On peut évoquer en lien avec cette œuvre architecturale l’installation «Personnes » de Daniel Boltansky.
Plasticien contemporain français, né en 1944, à la fois peintre, photographe, sculpteur et cinéaste. Il est
connu pour ses installations, œuvres « in situ ».
Cette œuvre a été créée au Grand Palais à Paris, lors de l’hiver 2010.
Des vêtements multicolores sont étalés au sol, formant des rectangles de fripes
alignés et marqués aux quatre angles par des poteaux d’acier noir. Des tubes de
néon suspendus éclairent assez bas ces natures mortes. Toute la nef centrale du
Grand Palais est ainsi tapissée.
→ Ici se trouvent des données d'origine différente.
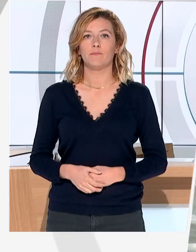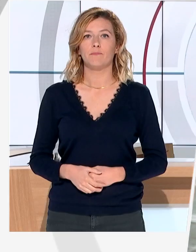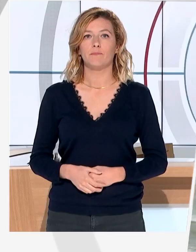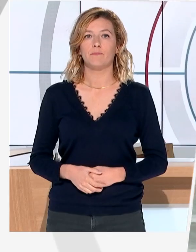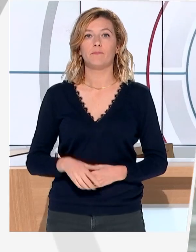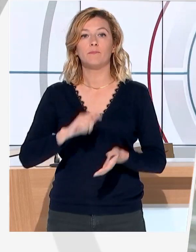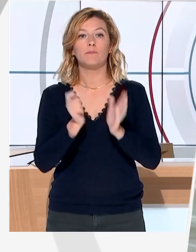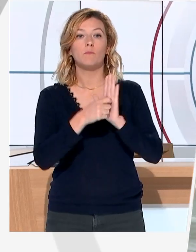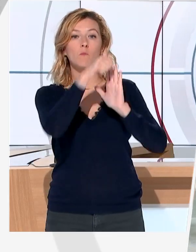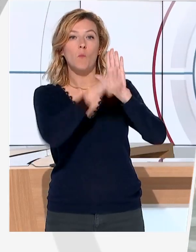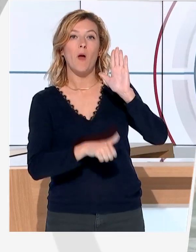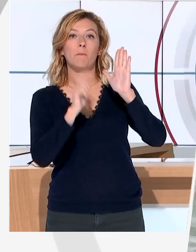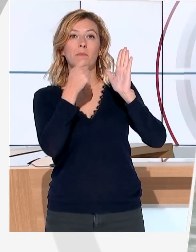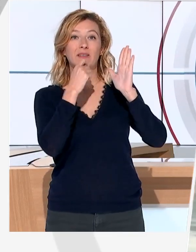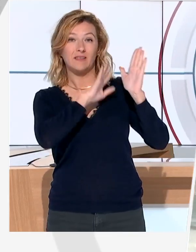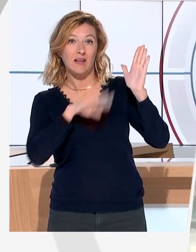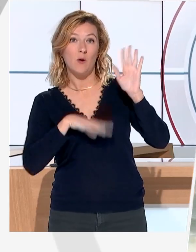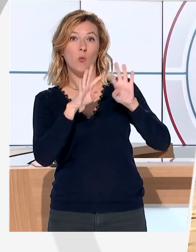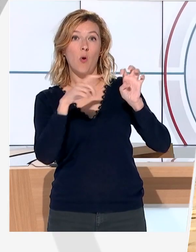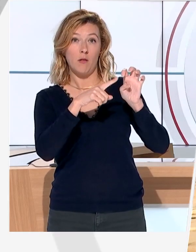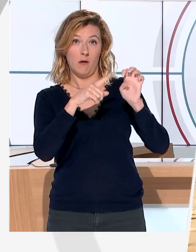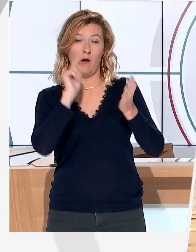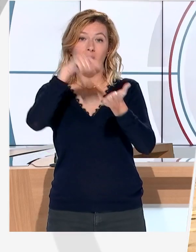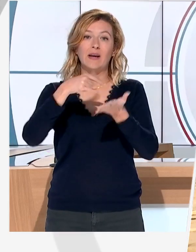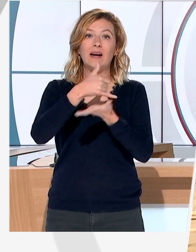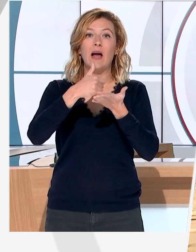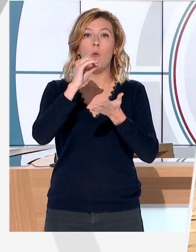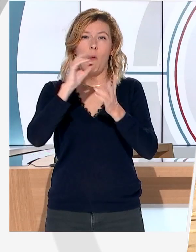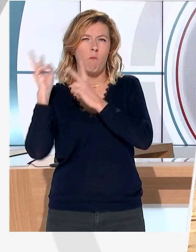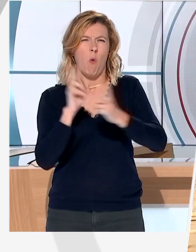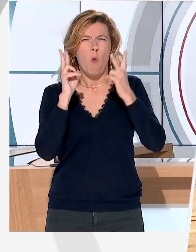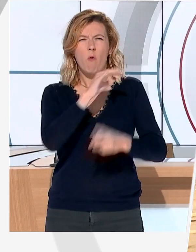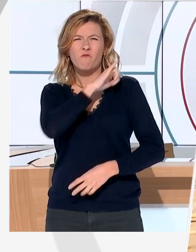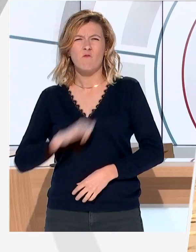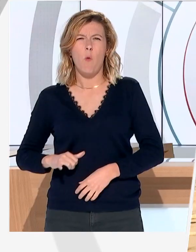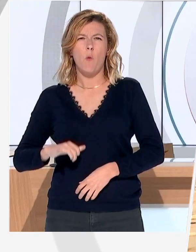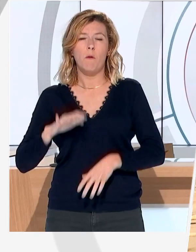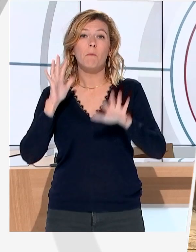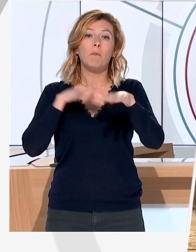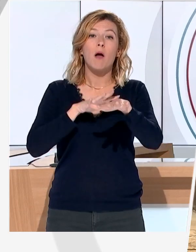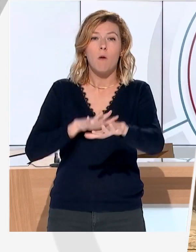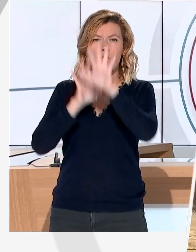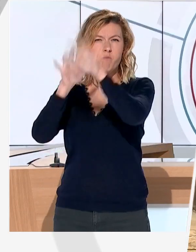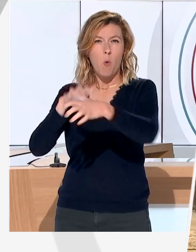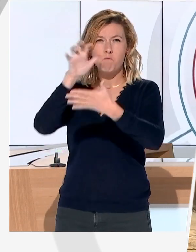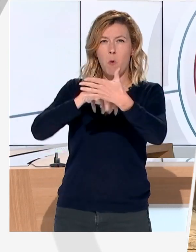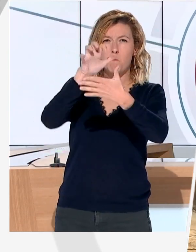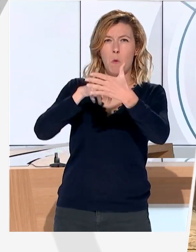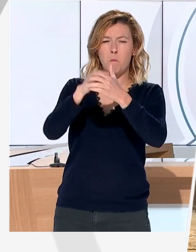Le fort coup de vent du dernier week-end de mars a fait des dégâts sur l'île de Léron. L'océan a une fois de plus gagné du terrain. L'érosion n'est pas une

Dans un coin, au-dessus d’une gigantesque
montagne de vêtements haute de 10 mètres, s’active une grue armée d’un crochet
rouge à cinq doigts qui attrape une poignée de vêtements et les relâche ensuite.
Cette pyramide de chiffons mous évoque un charnier.
Boltanski : « Ces morceaux de tissu symbolisent les corps humains. Et la main
de fer évoque la main de Dieu qui s’apparente au hasard, au jugement
dernier. » Tout cela dans un grand vacarme qui fait penser à des battements de
cœur ou à des trains en mouvement. Cette grande mise en scène rend hommage à
tous ces juifs disparus et interpelle le public.